Chinese Medical Journal 2010;123(1):18-22
Relationship of daytime blood pressure and severity of obstructive sleep apnea among Chinese: a multi-center investigation in China
Background Epidemiologic studies have shown an independent and definite association between obstructive sleep apnea (OSA) and hypertension. This study aimed to define the association between daytime blood pressure and severity of OSA in Chinese population in mainland of China.
Methods Twenty university hospital sleep centers in mainland of China were invited by the Chinese Medical Association (CMA) to participate in this epidemiologic study and 2297 consecutive patients (aged 18–85 years; 1981 males and 316 females) referred to these twenty sleep centers for evaluation of OSA between January 2004 and April 2006 were prospectively enrolled. Nocturnal polysomnography was performed in each patient, and disease severity was assessed based on the apneahypopnea index (AHI). These patients were classfied into four groups: nonapneic control (control, n=257) with AHI ≤5 episodes/hour; mild sleep apnea (mild, n=402) with AHI >5 and ≤15 episodes/hour; moderate sleep apnea (moderate, n=460) with AHI >15 and ≤30 episodes/hour and severe sleep apnea (severe, n=1178) with AHI >30 episodes/hour. Daytime blood pressure measurements were performed under standardized conditions in each patient at 10 a.m. in office on the day of referring to sleep centers for getting average value. All the patients were requested to quit medications related to blood pressure for three days before the day of assessing.
Results Both daytime systolic blood pressure and diastolic blood pressure values were significantly related to AHI positively (r = 0.201 and 0.276, respectively; both P values <0.001) and to nadir nocturnal oxygen saturation negatively (r = –0.215 and –0.277, respectively; both P values <0.001), which were the parameters of OSA severity. In two special designed mean plots, means of daytime systolic and diastolic blood pressure increased gradually with increasing AHI. Beyond AHI of 61–65, this increasing trend reached a plateau.
Conclusions The results showed that OSA severity was associated with daytime blood pressure until AHI of 61–65, providing evidence for early OSA management, especially in OSA patients with concomitant hypertension.
As a cause of hypertension,1 obstructive sleep apnea (OSA) has been drawing more attention in recent years. Observational and longitudinal population epidemiologic studies showed an independent and definite association between OSA and hypertension.2,3 OSA promotes hypertension pathogenesis,4 which makes OSA the most important cause of drug-resistant hypertension.5 Furthermore, long-term treatment for OSA with continuous positive airway pressure (CPAP) has been shown to reduce concomitant higher blood pressure.6,7 The seventh report of the Joint National Committee (National Heart, Lung, and Blood Institute Joint National Committee on Prevention, Detection, Evaluation, and Treatment of High Blood Pressure) has identified OSA as an important identifiable cause of hypertension.8
Chen and He9 have published an epidemiologic article among Chinese in 2007 which has comparable results with some previous studies.10-16 In this previously published article, we have reported the prevalence of hypertension with concomitant OSA in continental China being 49.3%. However, the systematic research confirming the association between OSA severity and daytime blood pressure in mainland of China is still lacking.
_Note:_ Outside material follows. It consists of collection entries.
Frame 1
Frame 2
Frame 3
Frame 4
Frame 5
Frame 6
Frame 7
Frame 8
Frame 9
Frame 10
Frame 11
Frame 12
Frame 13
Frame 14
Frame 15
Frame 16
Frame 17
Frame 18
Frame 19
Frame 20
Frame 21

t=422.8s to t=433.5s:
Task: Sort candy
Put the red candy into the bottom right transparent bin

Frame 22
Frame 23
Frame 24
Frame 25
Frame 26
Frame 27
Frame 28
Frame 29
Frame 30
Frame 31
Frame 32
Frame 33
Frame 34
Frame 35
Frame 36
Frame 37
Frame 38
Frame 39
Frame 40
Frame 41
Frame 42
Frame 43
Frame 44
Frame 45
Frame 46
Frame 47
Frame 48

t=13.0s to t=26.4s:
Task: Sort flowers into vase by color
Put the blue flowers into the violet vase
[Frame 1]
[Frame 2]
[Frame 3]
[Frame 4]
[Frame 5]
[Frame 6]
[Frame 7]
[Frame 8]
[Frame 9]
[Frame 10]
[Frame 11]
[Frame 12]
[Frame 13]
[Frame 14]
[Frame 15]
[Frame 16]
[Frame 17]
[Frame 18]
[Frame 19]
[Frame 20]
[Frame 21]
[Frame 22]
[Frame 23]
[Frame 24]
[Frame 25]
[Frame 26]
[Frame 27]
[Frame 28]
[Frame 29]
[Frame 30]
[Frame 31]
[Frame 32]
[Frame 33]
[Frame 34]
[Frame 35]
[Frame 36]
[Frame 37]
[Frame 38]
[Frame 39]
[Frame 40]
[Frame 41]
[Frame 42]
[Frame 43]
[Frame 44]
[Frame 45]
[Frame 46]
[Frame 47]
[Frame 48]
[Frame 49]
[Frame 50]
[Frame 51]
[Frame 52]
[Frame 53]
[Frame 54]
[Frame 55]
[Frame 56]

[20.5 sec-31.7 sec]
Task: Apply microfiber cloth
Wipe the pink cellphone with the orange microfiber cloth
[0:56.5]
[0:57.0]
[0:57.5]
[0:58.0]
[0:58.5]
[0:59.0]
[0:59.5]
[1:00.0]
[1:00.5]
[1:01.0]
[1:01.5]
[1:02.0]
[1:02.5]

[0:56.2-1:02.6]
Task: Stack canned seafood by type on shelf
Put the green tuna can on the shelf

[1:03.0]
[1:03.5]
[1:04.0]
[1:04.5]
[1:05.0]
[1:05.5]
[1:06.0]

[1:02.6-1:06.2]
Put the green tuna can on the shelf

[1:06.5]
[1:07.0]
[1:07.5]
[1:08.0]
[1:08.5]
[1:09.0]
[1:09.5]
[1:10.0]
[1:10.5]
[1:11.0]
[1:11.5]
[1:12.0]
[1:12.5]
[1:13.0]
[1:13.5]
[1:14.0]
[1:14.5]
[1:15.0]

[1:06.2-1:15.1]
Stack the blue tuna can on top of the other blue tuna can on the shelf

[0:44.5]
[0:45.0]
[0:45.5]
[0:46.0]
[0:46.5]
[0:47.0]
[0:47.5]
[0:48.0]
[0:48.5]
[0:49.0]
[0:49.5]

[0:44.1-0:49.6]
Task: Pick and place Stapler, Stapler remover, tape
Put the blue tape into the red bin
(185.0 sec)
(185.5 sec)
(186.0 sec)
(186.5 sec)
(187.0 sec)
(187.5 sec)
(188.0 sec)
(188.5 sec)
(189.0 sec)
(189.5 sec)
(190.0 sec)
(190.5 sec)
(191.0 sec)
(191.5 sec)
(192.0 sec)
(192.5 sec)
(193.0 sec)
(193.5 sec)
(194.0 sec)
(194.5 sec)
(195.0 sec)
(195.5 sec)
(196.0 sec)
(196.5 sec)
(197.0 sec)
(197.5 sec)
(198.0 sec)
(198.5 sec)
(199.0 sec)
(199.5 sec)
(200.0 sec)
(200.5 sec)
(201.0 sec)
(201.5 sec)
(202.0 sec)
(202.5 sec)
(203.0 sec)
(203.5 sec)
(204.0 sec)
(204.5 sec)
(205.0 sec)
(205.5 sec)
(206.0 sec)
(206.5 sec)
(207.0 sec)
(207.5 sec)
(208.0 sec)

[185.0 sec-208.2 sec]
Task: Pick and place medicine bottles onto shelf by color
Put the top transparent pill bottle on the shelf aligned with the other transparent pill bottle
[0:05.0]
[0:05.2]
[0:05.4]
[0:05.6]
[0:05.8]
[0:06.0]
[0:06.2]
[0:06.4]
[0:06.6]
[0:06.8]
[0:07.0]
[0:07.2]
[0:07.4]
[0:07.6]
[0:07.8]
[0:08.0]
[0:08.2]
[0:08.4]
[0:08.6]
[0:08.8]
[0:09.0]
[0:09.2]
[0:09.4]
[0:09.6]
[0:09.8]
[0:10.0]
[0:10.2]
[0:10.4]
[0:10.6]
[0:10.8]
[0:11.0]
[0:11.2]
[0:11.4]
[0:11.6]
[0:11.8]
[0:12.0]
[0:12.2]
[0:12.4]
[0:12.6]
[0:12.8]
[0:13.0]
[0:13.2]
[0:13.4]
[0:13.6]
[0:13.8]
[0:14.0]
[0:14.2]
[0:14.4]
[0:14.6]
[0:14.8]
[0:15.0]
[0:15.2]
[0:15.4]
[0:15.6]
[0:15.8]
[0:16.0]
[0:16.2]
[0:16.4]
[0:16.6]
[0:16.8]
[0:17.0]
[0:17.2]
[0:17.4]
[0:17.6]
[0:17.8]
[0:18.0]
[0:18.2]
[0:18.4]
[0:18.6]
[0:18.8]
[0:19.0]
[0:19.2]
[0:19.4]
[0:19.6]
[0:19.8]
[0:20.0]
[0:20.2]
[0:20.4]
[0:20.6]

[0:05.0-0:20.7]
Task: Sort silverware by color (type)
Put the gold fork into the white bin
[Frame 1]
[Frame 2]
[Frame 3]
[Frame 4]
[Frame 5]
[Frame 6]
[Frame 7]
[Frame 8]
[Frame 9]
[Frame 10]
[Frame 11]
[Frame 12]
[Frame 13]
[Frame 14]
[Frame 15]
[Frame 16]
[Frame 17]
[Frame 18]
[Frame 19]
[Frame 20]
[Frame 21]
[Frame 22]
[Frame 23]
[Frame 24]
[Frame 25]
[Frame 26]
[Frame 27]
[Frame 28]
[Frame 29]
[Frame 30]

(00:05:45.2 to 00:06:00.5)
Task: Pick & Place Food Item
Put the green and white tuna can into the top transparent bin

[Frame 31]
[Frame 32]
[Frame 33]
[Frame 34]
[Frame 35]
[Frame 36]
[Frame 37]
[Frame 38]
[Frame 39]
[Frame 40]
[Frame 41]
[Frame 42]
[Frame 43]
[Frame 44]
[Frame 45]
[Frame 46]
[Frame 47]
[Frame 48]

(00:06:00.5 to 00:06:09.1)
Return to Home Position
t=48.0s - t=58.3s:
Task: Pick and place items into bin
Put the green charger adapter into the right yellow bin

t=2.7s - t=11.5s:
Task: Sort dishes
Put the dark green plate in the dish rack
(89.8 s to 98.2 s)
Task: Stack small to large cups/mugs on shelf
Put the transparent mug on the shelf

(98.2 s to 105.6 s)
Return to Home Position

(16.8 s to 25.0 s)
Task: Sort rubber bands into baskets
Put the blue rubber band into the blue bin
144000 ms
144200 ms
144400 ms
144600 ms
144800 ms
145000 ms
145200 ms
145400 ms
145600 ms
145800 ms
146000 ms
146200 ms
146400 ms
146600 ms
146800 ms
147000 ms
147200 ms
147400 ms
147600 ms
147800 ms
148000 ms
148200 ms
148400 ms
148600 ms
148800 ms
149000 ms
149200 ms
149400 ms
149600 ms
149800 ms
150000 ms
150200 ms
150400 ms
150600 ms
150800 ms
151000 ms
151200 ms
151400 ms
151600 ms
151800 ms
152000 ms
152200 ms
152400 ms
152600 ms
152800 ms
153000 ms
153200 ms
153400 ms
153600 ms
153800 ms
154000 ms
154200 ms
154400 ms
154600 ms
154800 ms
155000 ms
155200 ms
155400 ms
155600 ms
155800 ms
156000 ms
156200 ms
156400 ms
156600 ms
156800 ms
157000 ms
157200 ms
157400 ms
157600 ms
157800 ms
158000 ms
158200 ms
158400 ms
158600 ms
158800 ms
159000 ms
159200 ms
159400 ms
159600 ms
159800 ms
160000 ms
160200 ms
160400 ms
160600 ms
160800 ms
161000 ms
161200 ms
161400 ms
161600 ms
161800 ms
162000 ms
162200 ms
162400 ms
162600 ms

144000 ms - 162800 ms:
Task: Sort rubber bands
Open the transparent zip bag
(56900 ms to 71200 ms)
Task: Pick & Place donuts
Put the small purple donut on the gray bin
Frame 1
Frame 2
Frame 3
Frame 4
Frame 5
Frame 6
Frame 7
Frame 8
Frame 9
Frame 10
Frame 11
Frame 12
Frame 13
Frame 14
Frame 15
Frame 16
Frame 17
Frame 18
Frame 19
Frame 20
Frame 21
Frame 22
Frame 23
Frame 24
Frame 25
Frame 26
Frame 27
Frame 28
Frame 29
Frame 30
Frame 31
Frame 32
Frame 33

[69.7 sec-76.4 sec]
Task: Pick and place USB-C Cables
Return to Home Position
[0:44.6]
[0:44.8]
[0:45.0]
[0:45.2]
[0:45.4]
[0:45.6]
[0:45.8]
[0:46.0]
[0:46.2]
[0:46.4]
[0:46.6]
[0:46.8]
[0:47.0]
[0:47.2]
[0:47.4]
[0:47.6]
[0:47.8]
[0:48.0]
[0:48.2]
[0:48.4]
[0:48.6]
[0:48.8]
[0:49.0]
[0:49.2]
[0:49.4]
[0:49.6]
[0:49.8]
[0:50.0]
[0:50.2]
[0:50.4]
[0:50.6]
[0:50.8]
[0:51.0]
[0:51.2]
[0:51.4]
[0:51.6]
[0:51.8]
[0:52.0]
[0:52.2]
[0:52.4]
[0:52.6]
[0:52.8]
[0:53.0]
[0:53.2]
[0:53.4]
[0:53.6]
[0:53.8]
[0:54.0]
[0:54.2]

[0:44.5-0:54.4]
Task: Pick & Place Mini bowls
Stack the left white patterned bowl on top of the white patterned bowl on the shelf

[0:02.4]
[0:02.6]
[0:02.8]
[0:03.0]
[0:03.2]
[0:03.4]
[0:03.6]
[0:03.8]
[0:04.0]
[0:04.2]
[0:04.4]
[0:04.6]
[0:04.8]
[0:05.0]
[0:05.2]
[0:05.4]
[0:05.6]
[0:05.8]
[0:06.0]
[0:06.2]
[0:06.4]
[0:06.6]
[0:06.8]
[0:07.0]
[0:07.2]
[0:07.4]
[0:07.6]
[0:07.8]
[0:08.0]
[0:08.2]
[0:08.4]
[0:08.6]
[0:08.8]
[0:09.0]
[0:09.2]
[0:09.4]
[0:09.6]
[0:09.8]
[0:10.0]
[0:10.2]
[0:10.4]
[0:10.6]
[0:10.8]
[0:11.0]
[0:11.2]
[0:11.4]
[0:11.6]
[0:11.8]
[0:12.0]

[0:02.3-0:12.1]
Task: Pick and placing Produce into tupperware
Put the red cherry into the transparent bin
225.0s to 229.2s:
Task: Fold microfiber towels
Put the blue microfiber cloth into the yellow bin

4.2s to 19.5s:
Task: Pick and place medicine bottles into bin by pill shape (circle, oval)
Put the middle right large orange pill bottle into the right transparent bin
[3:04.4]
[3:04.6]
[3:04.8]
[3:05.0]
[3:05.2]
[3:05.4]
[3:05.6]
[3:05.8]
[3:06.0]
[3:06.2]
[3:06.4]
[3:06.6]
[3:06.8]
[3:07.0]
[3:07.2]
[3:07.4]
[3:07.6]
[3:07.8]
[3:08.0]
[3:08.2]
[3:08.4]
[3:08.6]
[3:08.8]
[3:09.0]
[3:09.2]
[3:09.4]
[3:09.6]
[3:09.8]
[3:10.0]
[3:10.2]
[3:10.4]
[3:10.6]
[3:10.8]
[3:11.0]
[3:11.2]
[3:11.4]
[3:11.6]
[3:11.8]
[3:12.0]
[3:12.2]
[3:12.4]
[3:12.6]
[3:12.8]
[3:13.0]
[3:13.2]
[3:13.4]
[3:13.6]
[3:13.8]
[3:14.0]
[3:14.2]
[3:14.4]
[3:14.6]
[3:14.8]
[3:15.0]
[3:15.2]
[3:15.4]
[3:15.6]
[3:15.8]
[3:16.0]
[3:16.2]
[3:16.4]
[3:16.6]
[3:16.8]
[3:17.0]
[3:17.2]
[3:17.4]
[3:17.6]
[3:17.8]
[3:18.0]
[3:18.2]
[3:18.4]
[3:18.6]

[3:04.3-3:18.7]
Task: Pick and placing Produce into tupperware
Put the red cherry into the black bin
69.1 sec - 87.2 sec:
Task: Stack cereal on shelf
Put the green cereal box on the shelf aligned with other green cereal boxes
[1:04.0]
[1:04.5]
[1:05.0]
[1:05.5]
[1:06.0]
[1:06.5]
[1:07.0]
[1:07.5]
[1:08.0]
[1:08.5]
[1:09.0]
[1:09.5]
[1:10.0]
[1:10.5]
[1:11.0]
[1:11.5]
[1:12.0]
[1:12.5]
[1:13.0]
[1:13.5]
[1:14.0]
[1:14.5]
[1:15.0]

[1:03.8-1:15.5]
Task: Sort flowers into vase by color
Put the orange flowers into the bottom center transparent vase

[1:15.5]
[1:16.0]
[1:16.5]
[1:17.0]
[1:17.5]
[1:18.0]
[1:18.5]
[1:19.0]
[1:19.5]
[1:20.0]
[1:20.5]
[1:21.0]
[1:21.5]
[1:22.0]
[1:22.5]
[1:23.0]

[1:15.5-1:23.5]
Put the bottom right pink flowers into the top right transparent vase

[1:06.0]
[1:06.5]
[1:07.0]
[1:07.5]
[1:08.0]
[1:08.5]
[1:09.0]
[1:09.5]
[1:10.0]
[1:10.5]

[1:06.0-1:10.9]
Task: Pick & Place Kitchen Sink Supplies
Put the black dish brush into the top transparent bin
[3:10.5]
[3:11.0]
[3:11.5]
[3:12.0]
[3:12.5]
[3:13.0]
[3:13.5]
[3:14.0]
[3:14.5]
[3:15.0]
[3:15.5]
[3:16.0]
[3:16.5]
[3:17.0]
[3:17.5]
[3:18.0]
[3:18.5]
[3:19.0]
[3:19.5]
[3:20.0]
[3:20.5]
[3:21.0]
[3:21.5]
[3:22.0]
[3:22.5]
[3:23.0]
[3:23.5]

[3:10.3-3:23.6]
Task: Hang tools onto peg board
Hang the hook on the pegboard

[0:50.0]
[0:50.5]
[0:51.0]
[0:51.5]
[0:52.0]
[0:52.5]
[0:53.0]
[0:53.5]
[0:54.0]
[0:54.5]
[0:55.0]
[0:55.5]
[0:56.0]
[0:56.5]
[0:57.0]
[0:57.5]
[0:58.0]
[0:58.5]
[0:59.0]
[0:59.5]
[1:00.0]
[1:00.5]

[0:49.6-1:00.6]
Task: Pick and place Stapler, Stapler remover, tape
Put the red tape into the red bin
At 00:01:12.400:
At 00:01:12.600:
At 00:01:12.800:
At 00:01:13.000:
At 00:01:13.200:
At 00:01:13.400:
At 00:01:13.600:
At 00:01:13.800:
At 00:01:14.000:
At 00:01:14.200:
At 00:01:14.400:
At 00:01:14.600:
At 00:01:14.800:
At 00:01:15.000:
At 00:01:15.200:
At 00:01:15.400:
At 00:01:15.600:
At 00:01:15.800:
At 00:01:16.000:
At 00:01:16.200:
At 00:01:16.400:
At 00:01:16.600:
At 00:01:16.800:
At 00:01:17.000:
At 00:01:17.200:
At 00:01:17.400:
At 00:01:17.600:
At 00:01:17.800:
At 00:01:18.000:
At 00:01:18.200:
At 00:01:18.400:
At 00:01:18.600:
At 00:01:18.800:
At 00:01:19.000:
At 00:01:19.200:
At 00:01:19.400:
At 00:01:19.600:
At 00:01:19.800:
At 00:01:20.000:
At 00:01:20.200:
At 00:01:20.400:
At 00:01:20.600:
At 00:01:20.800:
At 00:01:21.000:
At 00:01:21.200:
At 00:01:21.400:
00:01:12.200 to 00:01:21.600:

Twenty university hospital sleep centers in mainland of China were organized by the Sleep Breath Disorder Group of Society of Respiratory Medicine, Chinese Medical Association (CMA), to participate in this epidemiologic study. The aim of this study was to elucidate the hypothesized relationships between OSA severity and the daytime blood pressure value.
Between January 2004 and April 2006, 2297 consecutive patients (aged 18–85 years; 1981 males and 316 females) referred to these centers were enrolled in this study. To each subject, physician epidemiologists or trained staff explained the study protocol and the informed consent was obtained.
Nocturnal polysomnography was performed in sleep centers for measurement of respiratory effort, flow, and oxygen saturation. The apneahypopnea index (AHI: i.e., average number of apneic events plus hypopneic events per hour of sleep), the lowest and mean nocturnal oxygen saturation were obtained. Apnea was defined as a cessation in airflow for at least 10 seconds; and hypopnea was defined as a decrease in the amplitude of respiratory flow signal of at least 50% for a minimum of 10 seconds followed by either a decrease in oxygen saturation of 4% or signs of physiological arousal. And disease severity was assessed by AHI. The study population was classified into four groups: nonapneic control (control, n=257) with AHI ≤5; mild sleep apnea (mild, n=402) with AHI >5 and ≤15; moderate sleep apnea (moderate, n=460) with AHI >15 and ≤30; and severe sleep apnea (severe, n=1178) with AHI >30.17
Patients’ height, weight, neck, hip, and waist circumference were measured. Their body mass index (BMI, calculated as weight in kilogram divided by square of height in meter) and waist to hip ratio were calculated.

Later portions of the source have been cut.